* **Try it**:
Repeat precisely the span of lines below that opens with the line containing "0.41-5.602 1.738-1.547 1.332-2.473" and closes with the line containing "2.641-3.453 7.269-0.832 10.367l26.973", both included.

(Dataset items)
[Start of section]
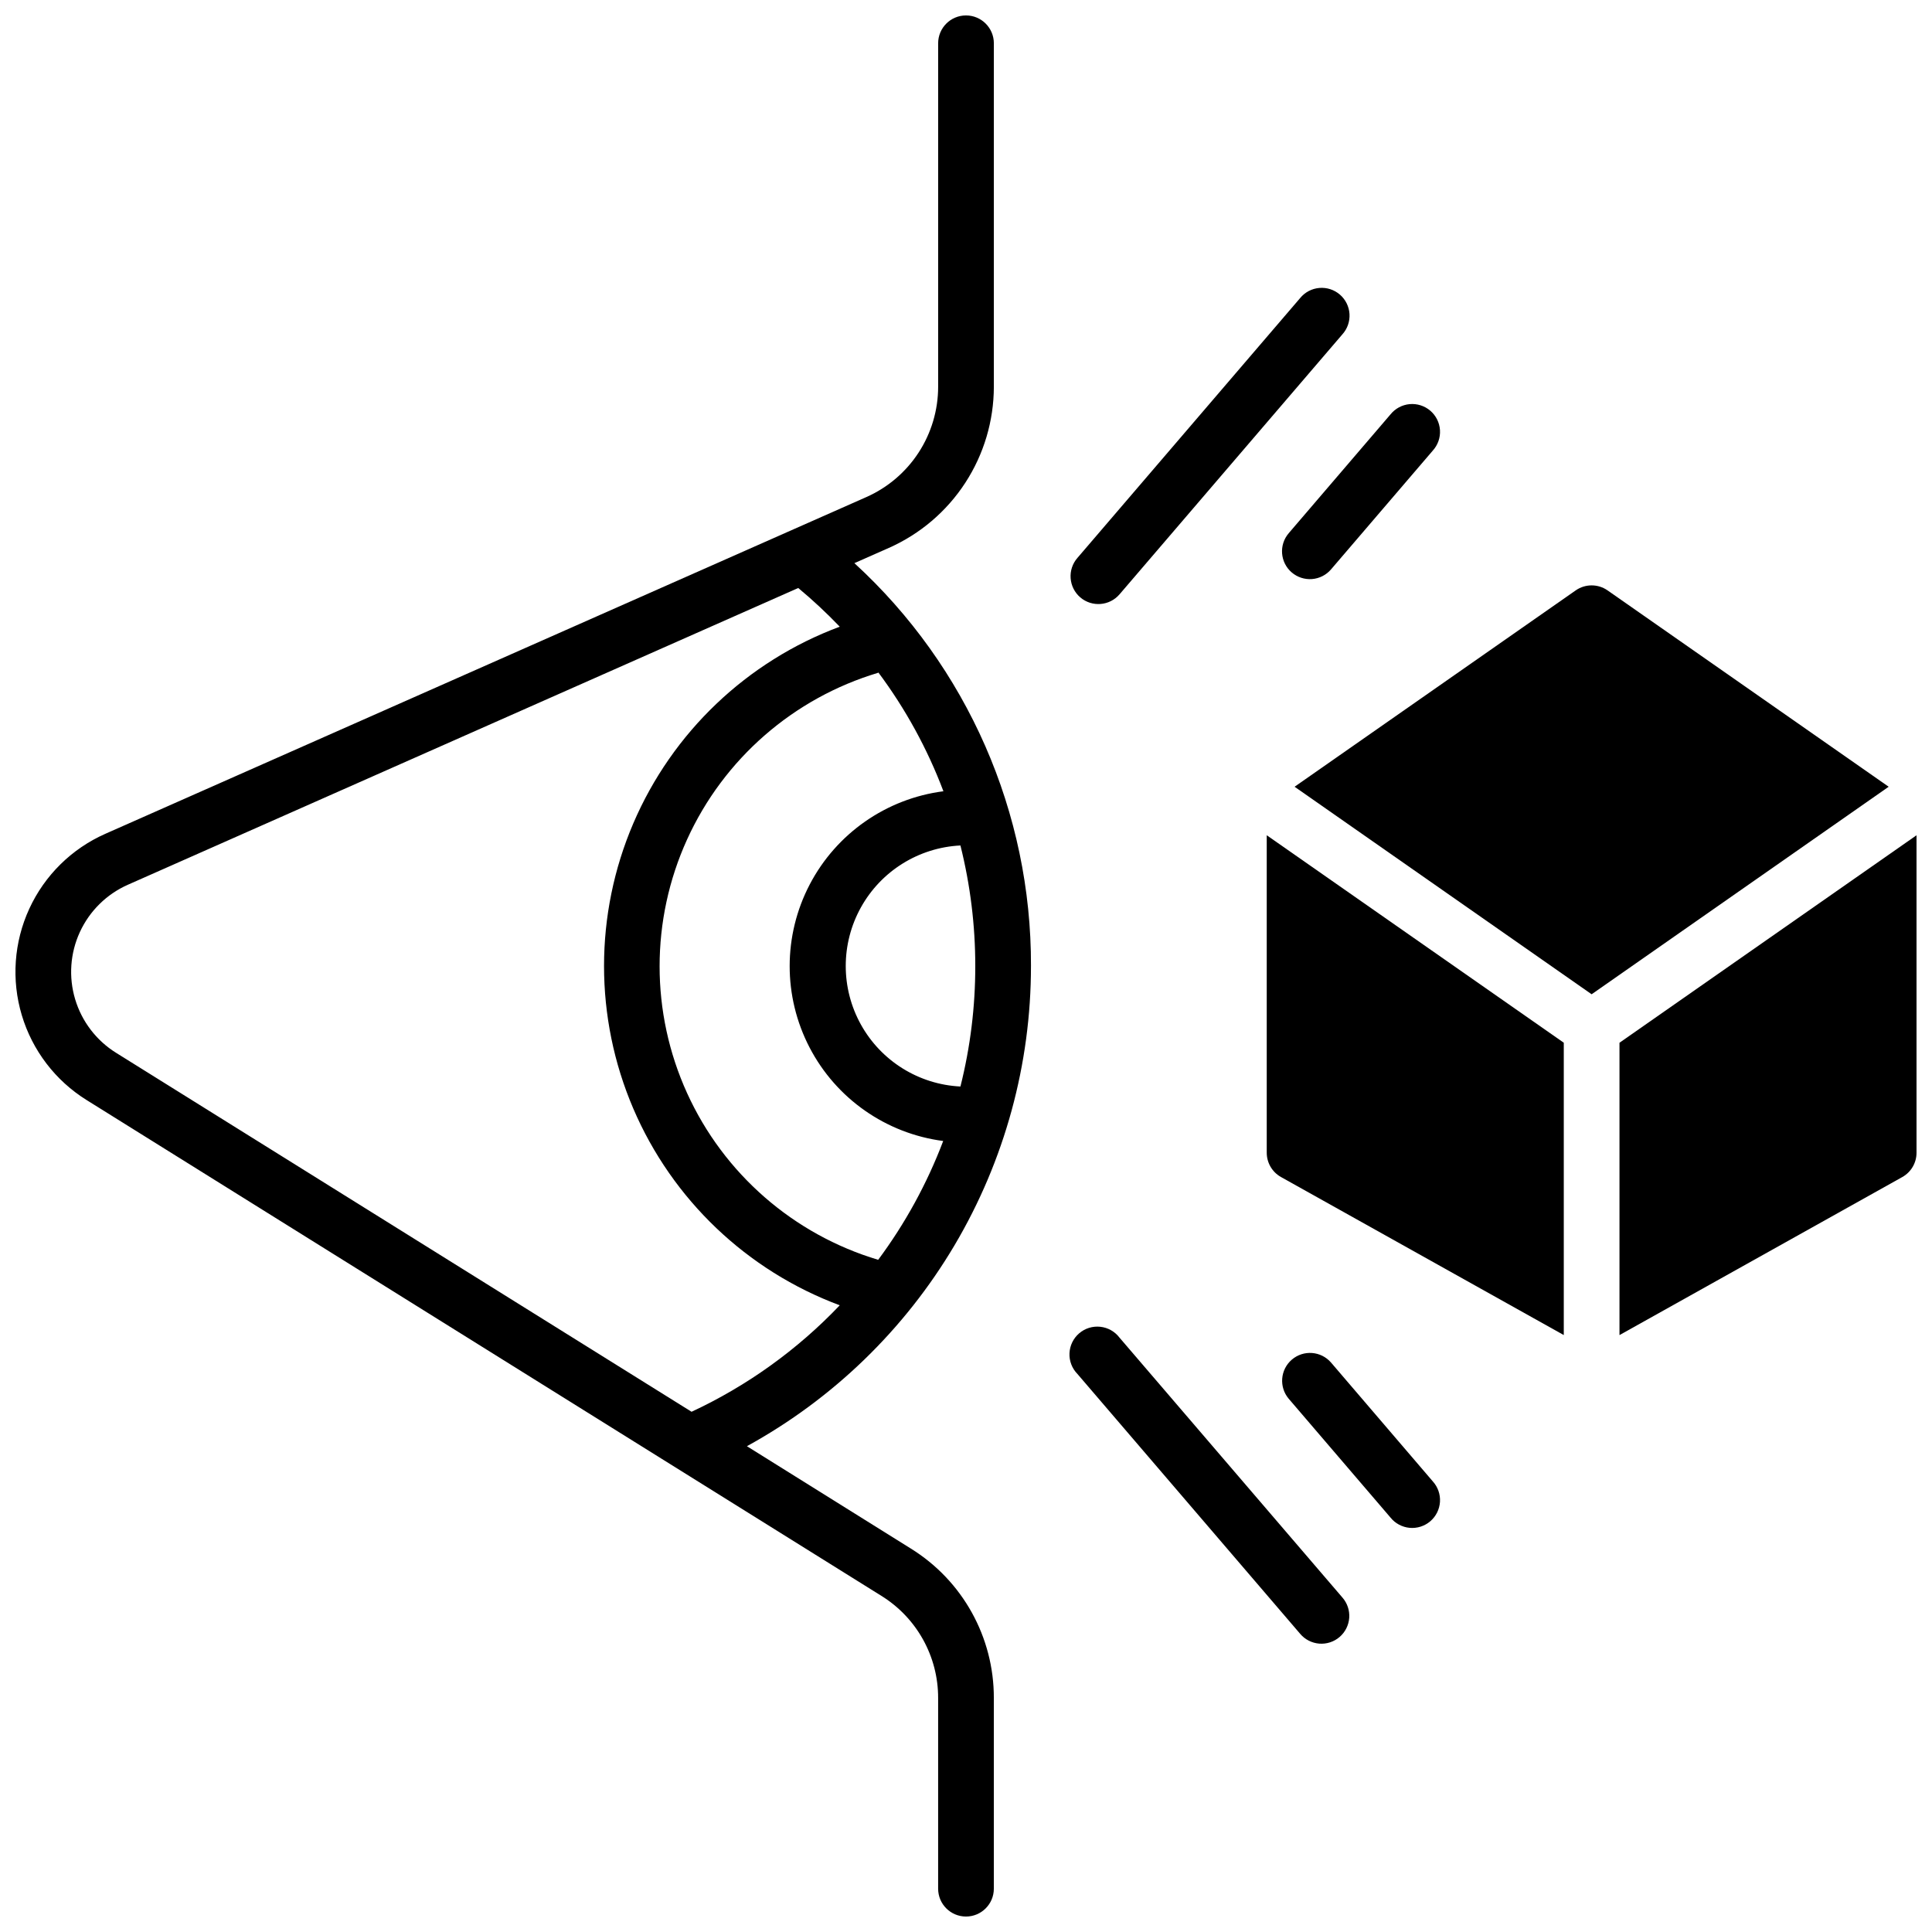 <?xml version="1.0" encoding="UTF-8"?>
<!-- Uploaded to: SVG Find, www.svgfind.com, Generator: SVG Find Mixer Tools -->
<svg width="800px" height="800px" version="1.1" viewBox="144 144 512 512" xmlns="http://www.w3.org/2000/svg">
 <defs>
  <clipPath id="b">
   <path d="m148.09 148.09h269.91v503.81h-269.91z"/>
  </clipPath>
  <clipPath id="a">
   <path d="m573 365h78.902v133h-78.902z"/>
  </clipPath>
 </defs>
 <g clip-path="url(#b)">
  <path d="m417.22 400c0.125-40.586-16.867-79.348-46.801-106.76l9.141-4.043h0.004c8.27-3.668 15.297-9.652 20.234-17.23 4.938-7.582 7.57-16.43 7.582-25.477v-91.02c0-4.074-3.305-7.379-7.379-7.379-4.078 0-7.383 3.305-7.383 7.379v91.02c0 6.195-1.801 12.258-5.18 17.449s-8.195 9.289-13.859 11.797l-201.66 89.23c-8.91 3.941-16.078 11-20.152 19.852-4.078 8.848-4.785 18.883-1.992 28.215 2.793 9.336 8.895 17.332 17.164 22.484l210.62 131.39c9.391 5.812 15.094 16.082 15.055 27.129v50.488c0 4.074 3.305 7.379 7.383 7.379 4.074 0 7.379-3.305 7.379-7.379v-50.488c0.051-16.145-8.277-31.156-22.004-39.656l-43.434-27.121c22.801-12.516 41.82-30.934 55.062-53.32 13.242-22.391 20.227-47.926 20.215-73.938zm-14.762 0c0.012 10.766-1.309 21.496-3.934 31.938-11.035-0.547-21.008-6.75-26.371-16.41-5.363-9.656-5.363-21.402 0-31.059 5.363-9.656 15.336-15.863 26.371-16.41 2.613 10.445 3.938 21.172 3.934 31.941zm-25.691-77.797c7.195 9.637 13 20.238 17.25 31.488-15.141 1.957-28.371 11.184-35.438 24.715-7.066 13.535-7.078 29.664-0.027 43.207 7.047 13.543 20.266 22.785 35.406 24.762-4.262 11.242-10.059 21.84-17.23 31.488-22.469-6.723-40.938-22.832-50.645-44.184-9.707-21.348-9.707-45.855 0-67.207 9.707-21.352 28.176-37.461 50.645-44.18zm-49.496 195.93-152.52-95.133c-5.219-3.254-9.074-8.301-10.836-14.191-1.766-5.891-1.32-12.227 1.254-17.812s7.098-10.043 12.723-12.531l177.65-78.641c3.856 3.207 7.527 6.633 11 10.254-24.602 9.16-44.375 28-54.715 52.129-10.336 24.133-10.336 51.445 0 75.574 10.34 24.129 30.113 42.969 54.715 52.133-11.211 11.777-24.531 21.352-39.273 28.219z"/>
 </g>
 <path d="m430.28 302.31c3.098 2.648 7.758 2.285 10.41-0.809l59.039-68.879c1.336-1.473 2.023-3.426 1.902-5.41-0.121-1.984-1.039-3.836-2.543-5.137-1.508-1.301-3.473-1.938-5.453-1.766-1.984 0.168-3.812 1.129-5.074 2.668l-59.039 68.879c-1.293 1.484-1.938 3.422-1.793 5.383 0.141 1.961 1.059 3.785 2.551 5.07z"/>
 <path d="m486.32 295.7c1.484 1.273 3.418 1.906 5.371 1.758 1.949-0.148 3.766-1.07 5.039-2.555l26.973-31.488c1.34-1.477 2.031-3.434 1.906-5.426s-1.051-3.852-2.566-5.148c-1.516-1.297-3.496-1.926-5.481-1.742-1.988 0.184-3.816 1.168-5.07 2.723l-26.973 31.488h0.004c-2.648 3.09-2.293 7.738 0.797 10.391z"/>
 <path d="m440.69 498.5c-1.227-1.625-3.074-2.676-5.102-2.891-2.027-0.219-4.055 0.41-5.602 1.738-1.547 1.332-2.473 3.242-2.562 5.277-0.09 2.039 0.672 4.023 2.098 5.481l59.039 68.879c1.27 1.504 3.086 2.434 5.043 2.594 1.961 0.156 3.902-0.473 5.394-1.754 1.492-1.277 2.414-3.102 2.559-5.062 0.145-1.961-0.5-3.894-1.789-5.379z"/>
 <path d="m496.73 505.08c-2.66-3.062-7.293-3.406-10.375-0.766-3.078 2.641-3.453 7.269-0.832 10.367l26.973 31.488h-0.004c1.254 1.555 3.082 2.535 5.07 2.723 1.984 0.184 3.965-0.445 5.481-1.742 1.516-1.301 2.441-3.156 2.566-5.148 0.125-1.992-0.566-3.949-1.906-5.426z"/>
 <path d="m479.7 449.48c0 2.676 1.445 5.141 3.777 6.445l74.941 41.879v-77.473l-78.719-54.984z"/>
 <path d="m570.02 300.46c-2.535-1.77-5.906-1.77-8.441 0l-74.5 52.035 78.719 54.996 78.719-54.996z"/>
 <g clip-path="url(#a)">
  <path d="m573.18 420.34v77.473l74.941-41.879c2.336-1.305 3.781-3.769 3.777-6.445v-84.133z"/>
 </g>
</svg>
[End of section]
* **Answer for this exercise**:
 <path d="m440.69 498.5c-1.227-1.625-3.074-2.676-5.102-2.891-2.027-0.219-4.055 0.41-5.602 1.738-1.547 1.332-2.473 3.242-2.562 5.277-0.09 2.039 0.672 4.023 2.098 5.481l59.039 68.879c1.27 1.504 3.086 2.434 5.043 2.594 1.961 0.156 3.902-0.473 5.394-1.754 1.492-1.277 2.414-3.102 2.559-5.062 0.145-1.961-0.5-3.894-1.789-5.379z"/>
 <path d="m496.73 505.08c-2.66-3.062-7.293-3.406-10.375-0.766-3.078 2.641-3.453 7.269-0.832 10.367l26.973 31.488h-0.004c1.254 1.555 3.082 2.535 5.07 2.723 1.984 0.184 3.965-0.445 5.481-1.742 1.516-1.301 2.441-3.156 2.566-5.148 0.125-1.992-0.566-3.949-1.906-5.426z"/>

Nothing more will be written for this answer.